**WHAT YOU NEED TO DO**
All of the data should be given again word for word, though the images are to be left out.

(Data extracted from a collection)
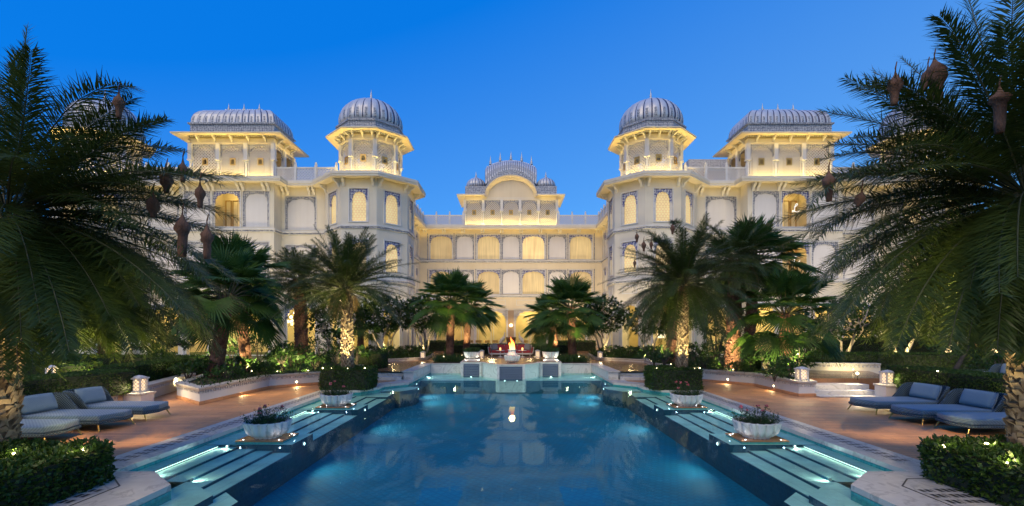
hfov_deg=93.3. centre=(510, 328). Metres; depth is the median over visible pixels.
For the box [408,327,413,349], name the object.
window
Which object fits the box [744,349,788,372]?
shrub
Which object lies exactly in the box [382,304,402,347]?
window
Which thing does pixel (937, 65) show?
weaver nest
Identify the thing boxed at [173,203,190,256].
weaver nest
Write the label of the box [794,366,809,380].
lantern
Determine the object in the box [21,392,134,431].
daybed
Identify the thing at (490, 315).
fan palm
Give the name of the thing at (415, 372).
garden wall
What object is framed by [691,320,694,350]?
window
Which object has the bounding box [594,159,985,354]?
palace wing
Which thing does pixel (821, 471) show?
pool step
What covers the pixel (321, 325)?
frangipani tree
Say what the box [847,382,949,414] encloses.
daybed
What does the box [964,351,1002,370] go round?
shrub
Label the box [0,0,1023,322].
sky
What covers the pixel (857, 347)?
hedge
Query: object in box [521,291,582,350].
fan palm
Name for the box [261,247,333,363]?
date palm
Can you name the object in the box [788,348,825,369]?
shrub
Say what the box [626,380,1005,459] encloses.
deck
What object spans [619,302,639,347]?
window
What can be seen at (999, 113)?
weaver nest
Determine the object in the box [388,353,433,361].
raised bed
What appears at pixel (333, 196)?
window
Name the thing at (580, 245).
window
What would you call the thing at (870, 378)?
terrace
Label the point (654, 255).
window
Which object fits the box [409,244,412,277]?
window
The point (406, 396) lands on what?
pool platform
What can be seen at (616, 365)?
path
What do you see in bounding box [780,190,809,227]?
window
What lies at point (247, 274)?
fan palm
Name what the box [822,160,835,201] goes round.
weaver nest
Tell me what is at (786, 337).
fan palm
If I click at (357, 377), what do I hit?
hedge
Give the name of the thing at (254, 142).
long pavilion
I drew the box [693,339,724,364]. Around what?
shrub
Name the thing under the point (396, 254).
window
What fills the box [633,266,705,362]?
date palm
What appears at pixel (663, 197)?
window
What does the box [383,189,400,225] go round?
window
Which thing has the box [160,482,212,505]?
pool platform
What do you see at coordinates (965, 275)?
date palm
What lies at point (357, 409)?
pool platform
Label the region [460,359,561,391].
fountain wall
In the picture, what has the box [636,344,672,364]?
shrub
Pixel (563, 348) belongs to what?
hedge
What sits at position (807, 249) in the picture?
window
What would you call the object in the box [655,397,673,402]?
pool step
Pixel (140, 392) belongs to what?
lantern
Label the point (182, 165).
weaver nest
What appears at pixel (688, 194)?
window
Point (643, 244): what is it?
weaver nest
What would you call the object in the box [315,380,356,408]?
flower bowl
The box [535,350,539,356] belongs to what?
lantern
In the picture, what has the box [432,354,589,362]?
terrace
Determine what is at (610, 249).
window
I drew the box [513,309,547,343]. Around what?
window
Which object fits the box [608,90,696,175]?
domed pavilion
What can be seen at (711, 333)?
garden tree
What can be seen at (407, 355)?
ground cover
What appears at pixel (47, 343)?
garden tree
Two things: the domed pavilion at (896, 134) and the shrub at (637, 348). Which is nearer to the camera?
the shrub at (637, 348)
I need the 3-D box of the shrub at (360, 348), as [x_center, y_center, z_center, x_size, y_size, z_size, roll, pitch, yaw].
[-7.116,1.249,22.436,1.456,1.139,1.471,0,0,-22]
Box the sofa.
[488,344,533,355]
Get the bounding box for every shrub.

**ANSWER FOR THE TASK**
hfov_deg=93.3. centre=(510, 328). Metres; depth is the median over visible pixels.
For the box [408,327,413,349], name the object.
window
Which object fits the box [744,349,788,372]?
shrub
Which object lies exactly in the box [382,304,402,347]?
window
Which thing does pixel (937, 65) show?
weaver nest
Identify the thing boxed at [173,203,190,256].
weaver nest
Write the label of the box [794,366,809,380].
lantern
Determine the object in the box [21,392,134,431].
daybed
Identify the thing at (490, 315).
fan palm
Give the name of the thing at (415, 372).
garden wall
What object is framed by [691,320,694,350]?
window
Which object has the bounding box [594,159,985,354]?
palace wing
Which thing does pixel (821, 471) show?
pool step
What covers the pixel (321, 325)?
frangipani tree
Say what the box [847,382,949,414] encloses.
daybed
What does the box [964,351,1002,370] go round?
shrub
Label the box [0,0,1023,322].
sky
What covers the pixel (857, 347)?
hedge
Query: object in box [521,291,582,350].
fan palm
Name for the box [261,247,333,363]?
date palm
Can you name the object in the box [788,348,825,369]?
shrub
Say what the box [626,380,1005,459] encloses.
deck
What object spans [619,302,639,347]?
window
What can be seen at (999, 113)?
weaver nest
Determine the object in the box [388,353,433,361].
raised bed
What appears at pixel (333, 196)?
window
Name the thing at (580, 245).
window
What would you call the thing at (870, 378)?
terrace
Label the point (654, 255).
window
Which object fits the box [409,244,412,277]?
window
The point (406, 396) lands on what?
pool platform
What can be seen at (616, 365)?
path
What do you see in bounding box [780,190,809,227]?
window
What lies at point (247, 274)?
fan palm
Name what the box [822,160,835,201] goes round.
weaver nest
Tell me what is at (786, 337).
fan palm
If I click at (357, 377), what do I hit?
hedge
Give the name of the thing at (254, 142).
long pavilion
I drew the box [693,339,724,364]. Around what?
shrub
Name the thing under the point (396, 254).
window
What fills the box [633,266,705,362]?
date palm
What appears at pixel (663, 197)?
window
What does the box [383,189,400,225] go round?
window
Which thing has the box [160,482,212,505]?
pool platform
What do you see at coordinates (965, 275)?
date palm
What lies at point (357, 409)?
pool platform
Label the region [460,359,561,391].
fountain wall
In the picture, what has the box [636,344,672,364]?
shrub
Pixel (563, 348) belongs to what?
hedge
What sits at position (807, 249) in the picture?
window
What would you call the object in the box [655,397,673,402]?
pool step
Pixel (140, 392) belongs to what?
lantern
Label the point (182, 165).
weaver nest
What appears at pixel (688, 194)?
window
Point (643, 244): what is it?
weaver nest
What would you call the object in the box [315,380,356,408]?
flower bowl
The box [535,350,539,356] belongs to what?
lantern
In the picture, what has the box [432,354,589,362]?
terrace
Determine what is at (610, 249).
window
I drew the box [513,309,547,343]. Around what?
window
Which object fits the box [608,90,696,175]?
domed pavilion
What can be seen at (711, 333)?
garden tree
What can be seen at (407, 355)?
ground cover
What appears at pixel (47, 343)?
garden tree
Two things: the domed pavilion at (896, 134) and the shrub at (637, 348). Which is nearer to the camera?
the shrub at (637, 348)
I need the 3-D box of the shrub at (360, 348), as [x_center, y_center, z_center, x_size, y_size, z_size, roll, pitch, yaw].
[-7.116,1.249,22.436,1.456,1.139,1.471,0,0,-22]
Box the sofa.
[488,344,533,355]
Get the bounding box for every shrub.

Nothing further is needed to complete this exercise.